Gleason v. Michlitsch
This text of 728 P.2d 965 (Gleason v. Michlitsch) is published on Counsel Stack Legal Research, covering Court of Appeals of Oregon primary law. Counsel Stack provides free access to over 12 million legal documents including statutes, case law, regulations, and constitutions.
Opinion
Mother appeals a judgment in a filiation action that father brought regarding an eight-month old boy in mother’s custody. ORS 109.125. The parties agreed to those parts of the court’s judgment that declared father’s paternity, his support obligation, his visitation rights and mother’s continued custody. Mother challenges only the parts that direct that the child’s last name be changed from hers to the father’s and that allow father to claim the child as an income tax exemption in each year that his child support payments are current. Our review is de novo. ORS 109.135(1); ORS 19.125. We modify the judgment and affirm it as modified.
Mother’s first assignment is that the court erred when it provided for changing the child’s last name to Gleason. Although there is no specific statutory provision that prescribes the governing standard, we agree with the court that the correct standard is the best interests of the child. 1 The court concluded that it was in the best interests of the child that he bear his father’s last name:
“Using the best interest of the child as the criterion, I quite frankly fail to see where the best interest of the child is being served by denying the father’s name as the father of the child. He, as the father, has the same parental rights as though there had been a formal marriage here. Those are important rights.
“And it certainly would seem to me that if this child bore [the mother’s name] when the child knows his father’s name * * * and he associates with other children who use the — constantly use the father’s name, that I think this would work against the best interest of the child.
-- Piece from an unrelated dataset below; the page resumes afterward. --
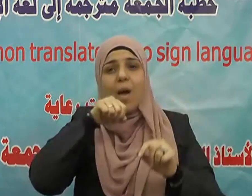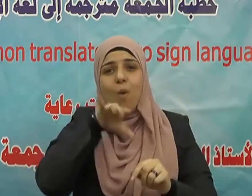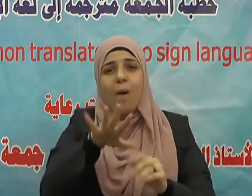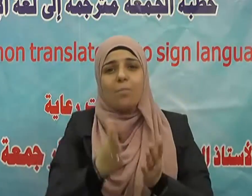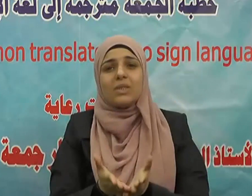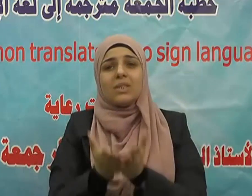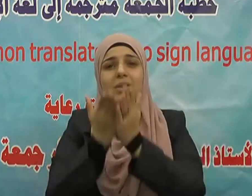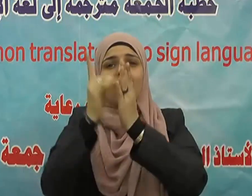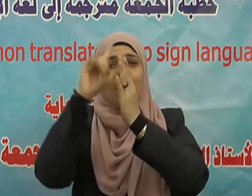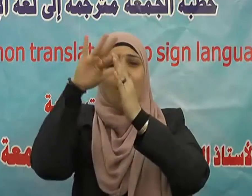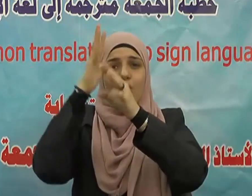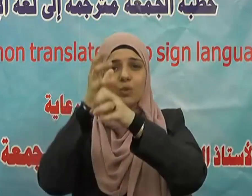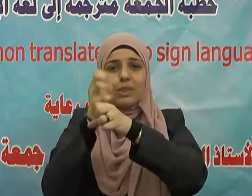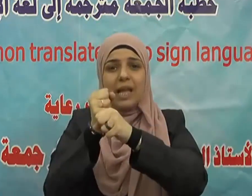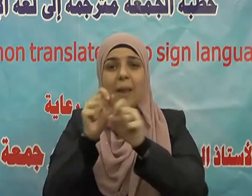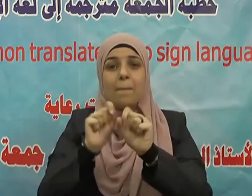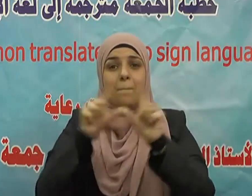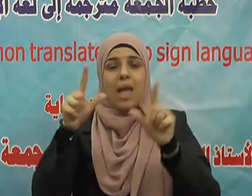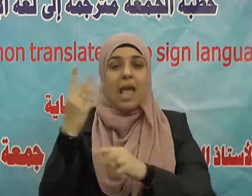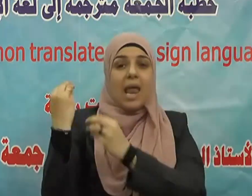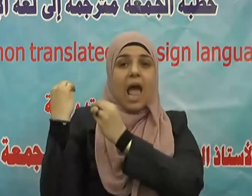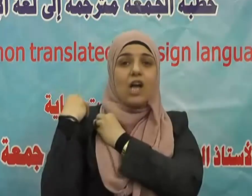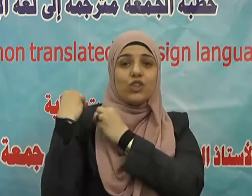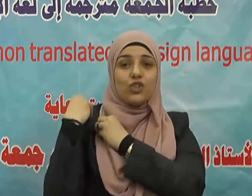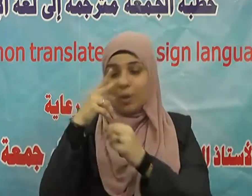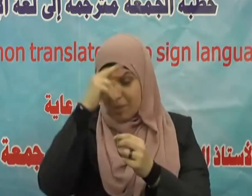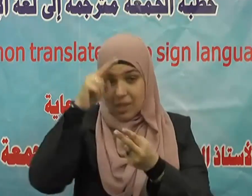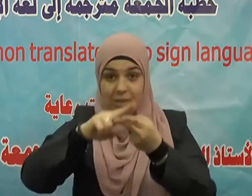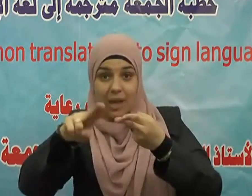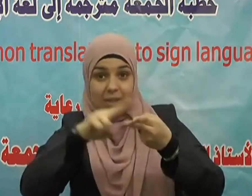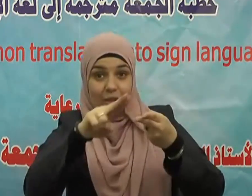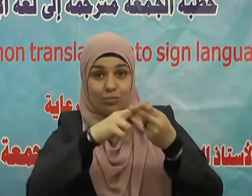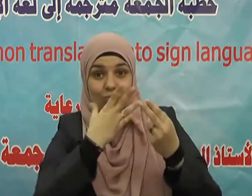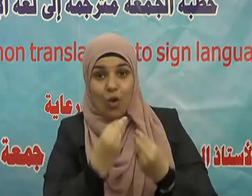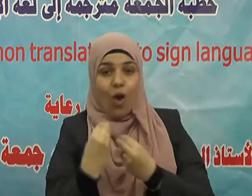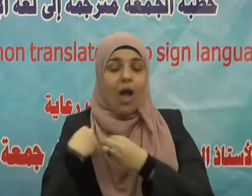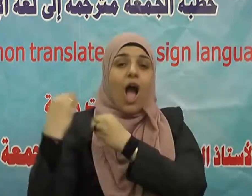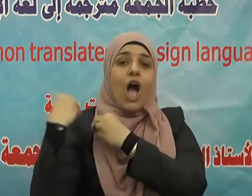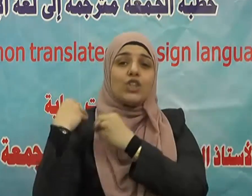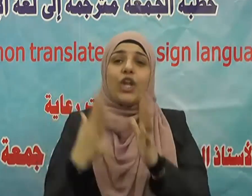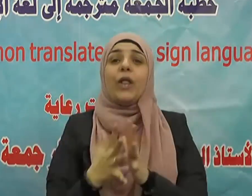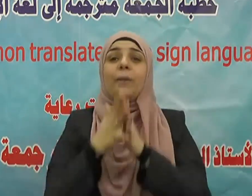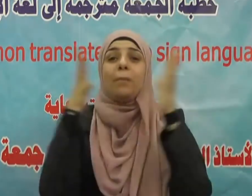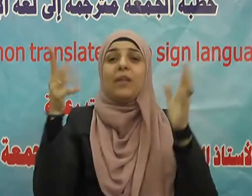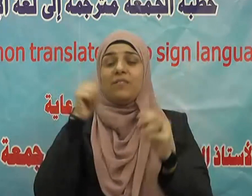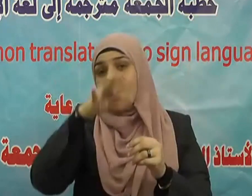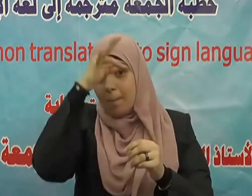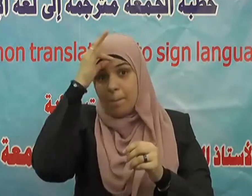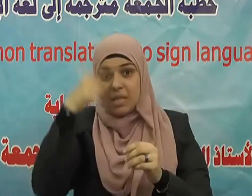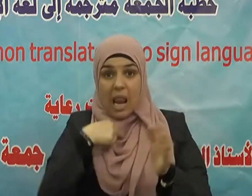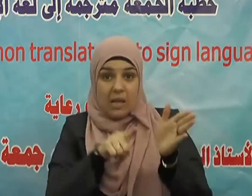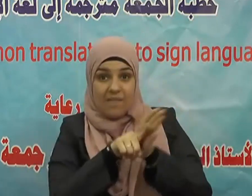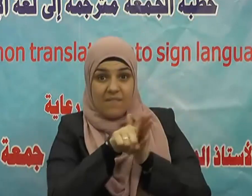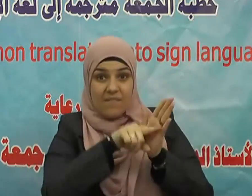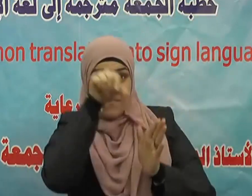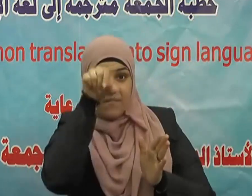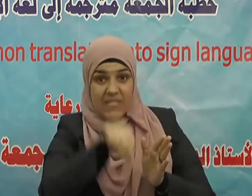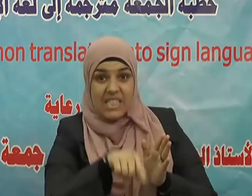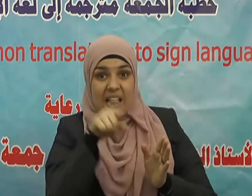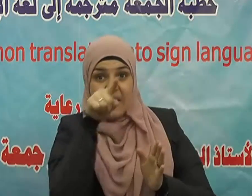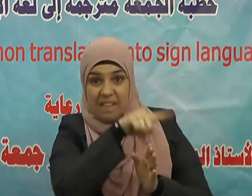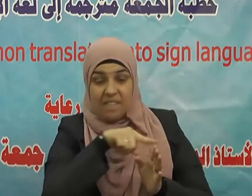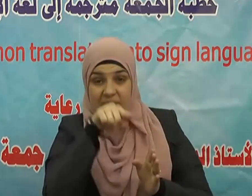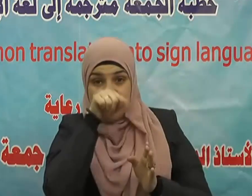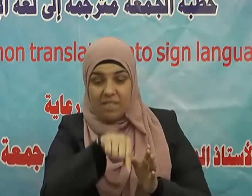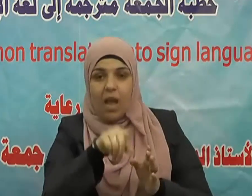أمر بصدقة أو معروف أو إصلاح بين الناس ومن يفعل ذلك
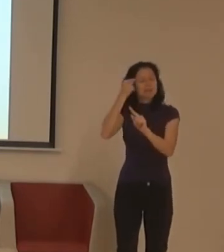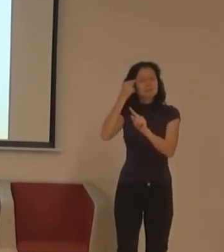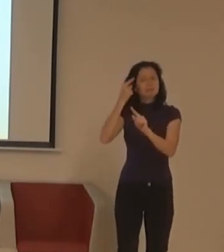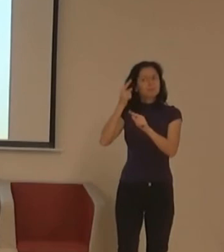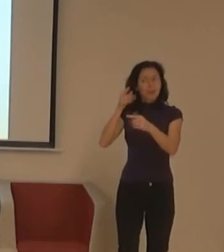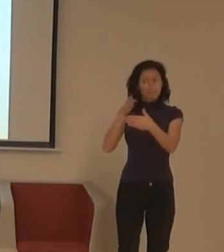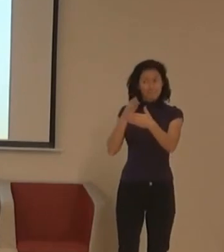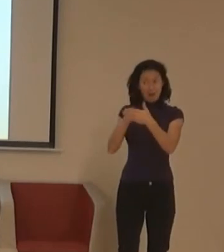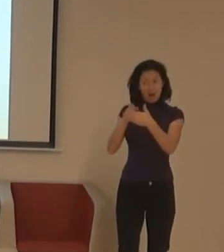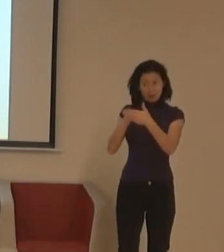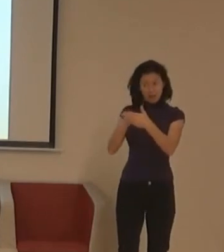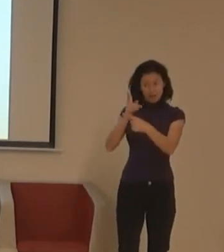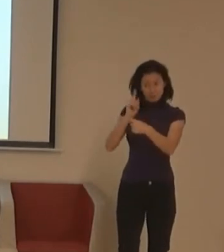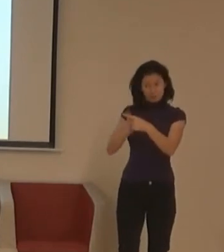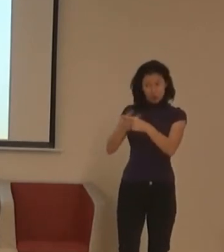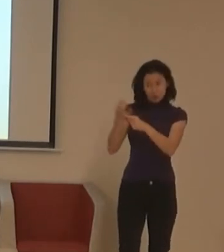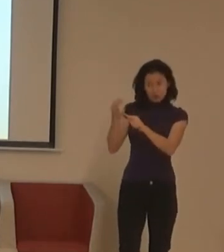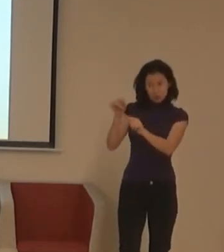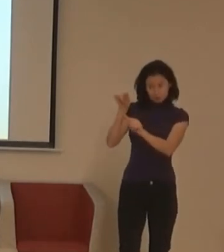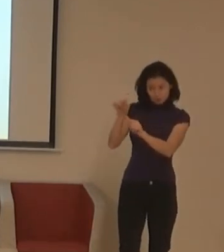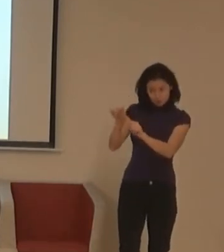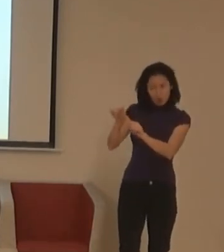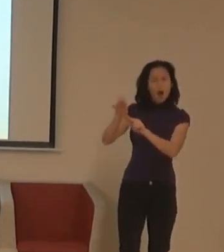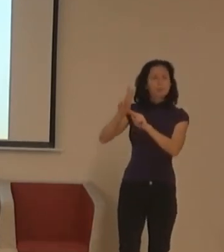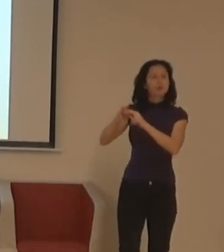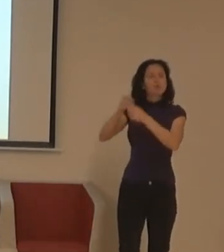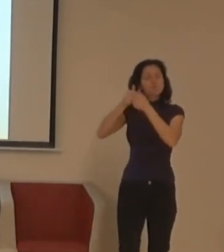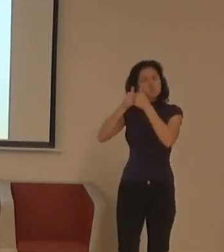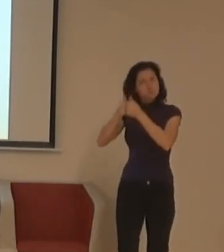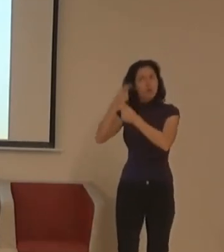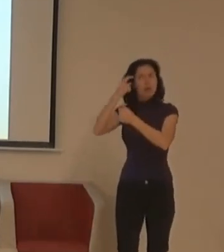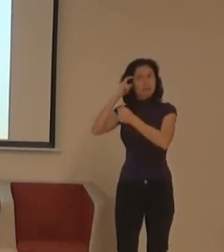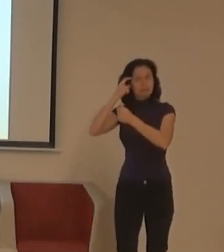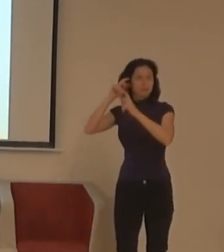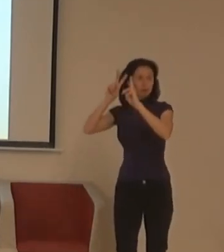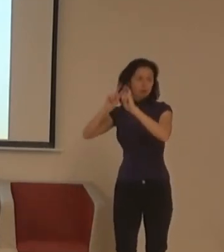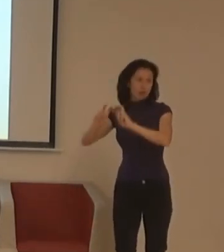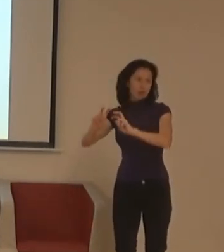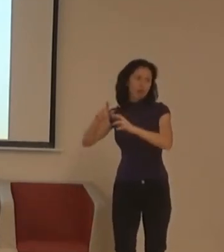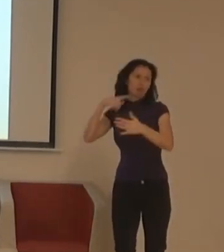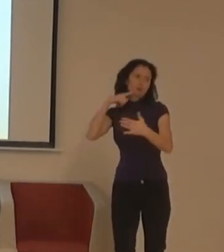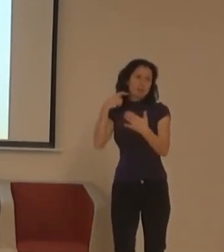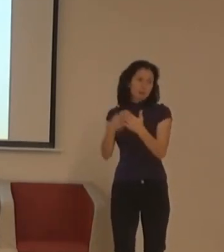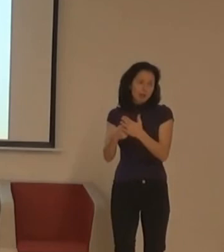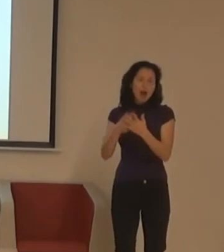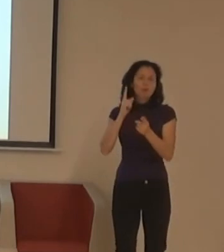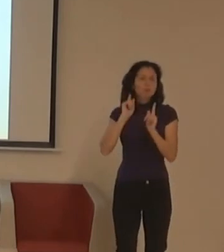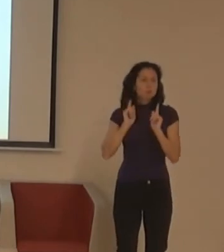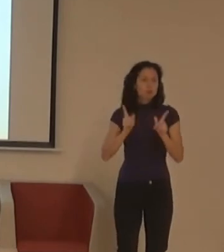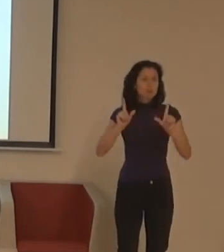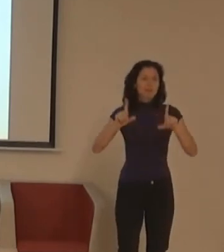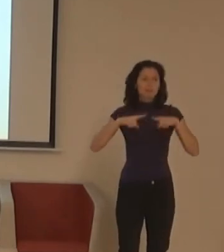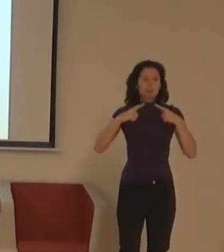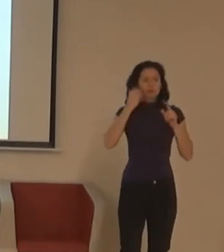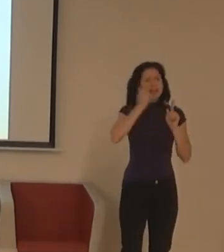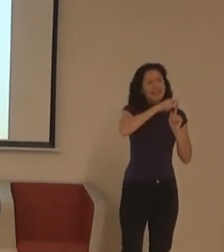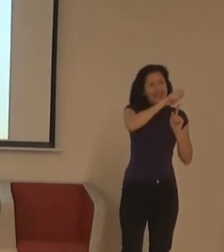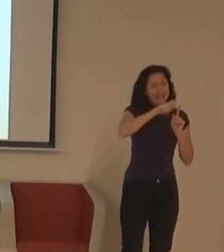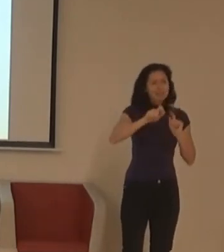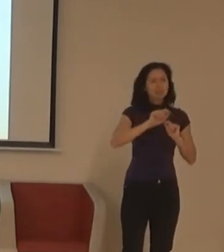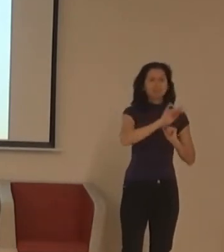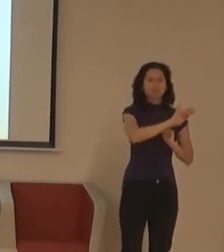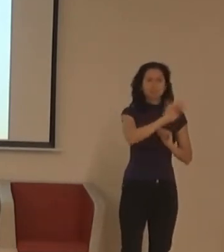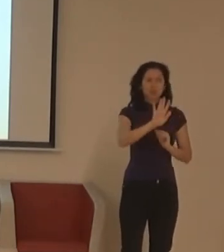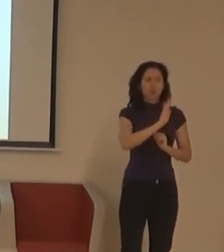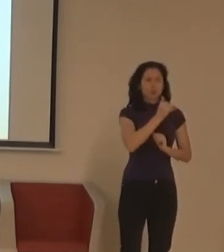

“And secondly the child goes to school. He knows who his father is. The father has expressed an interest in visiting with the child. He knows the father’s name * * *. He goes to school. He finds the other children in school bear the father’s name. And he is going to wonder about this and wonder why his name is not that of his father’s with attended psychological ill effects for the child.
“This child isn’t going to be done any disservice if it *691 doesn’t bear the same name as his half-sister. That is a very common occurrence in today’s society.”
Generally, we give weight to the decision of a trial court as to the best interests of a child when it has had the opportunity to view the witnesses and hear the testimony. McCoy and McCoy, 28 Or App 919, 562 P2d 207, 29 Or App 287, 563 P2d 738 (1977); see also Meier and Meier, 286 Or 437, 595 P2d 474 (1979). Here, however, the evidentiary record does not support the court’s conclusion that there would be “psychological ill effects” on the child or that it would otherwise not be in his best interests if he were to bear his mother’s last name and have to associate at school or elsewhere with children who bear their father’s last name.
Decisions from other jurisdictions emphasize that the identity of the custodial parent is an important factor in determining the relationship of the child’s best interests to the surname which it should bear. In Spence-Chapin Services v. Tedeno, 101 Misc 2d 485, 489, 421 NYS2d 297, 300 (1979), the court stated:
“[T]he significant consideration is that the mother has custody and it is she who will be the primary caretaking figure and who will make the major decisions for [the child]. Moreover, the court recognizes that children, as they grow older, generally prefer to use the name of the parent with whom they live.”
See also Petition of Schidlmeier by Koslof, 344 Pa Super 562, 569, 496 A2d 1249 (1985), where the court upheld a statutory provision that the choice of surname rests with the custodial parent if the parents are divorced or separated at the time of birth, because “[t]he custodial parent generally has the right to make major decisions affecting the best interests of a minor child.” The court’s judgment is modified to delete paragraph 5 that changes the child’s last name. 2
Mother’s second assignment is that the court erred in awarding the income tax dependency exemption to father. She *692 relies on IRC § 152(e). 3 Mother argues that, because IRC § 152(e)(1) (A) (iii) refers to parents who “live apart at all times during the last six months of the applicable calendar year,” it applies to parents who have never married and that, as the custodial parent, she is entitled to the exemption. IRC § 152(e), however, applies only to parents who are or have been married. See Dillard v. Commissioner, 47 TC Memo 919 n 3 (1984) (“Since petitioner [and the mother of his child] were never married, the provisions of section 152(e), relating to a child of divorced or separated parents, do not apply.”). IRC § 152(a)(1) defines a dependent as a child of the taxpayer for whom the taxpayer provides over one-half of the support during the calendar year. 4 In the circumstances here, the court should not have designated which party would receive the dependency exemption. The court predicted that father would provide over one-half of the child’s support and in paragraph 6 of the judgment awarded him the dependency exemption in each year that his child support payments were current. See ORS 109.103; ORS 107.105(l)(c)(F). 5 Whether father would *693 qualify to claim the federal income tax exemption, however, depends entirely on the application of federal income tax law to the actual facts. 6 . See Davis v. Fair, 707 SW2d 711 (Tex App 1986). 7
*694 Judgment modified by deleting paragraphs 5 and 6; affirmed as modified. Costs to mother.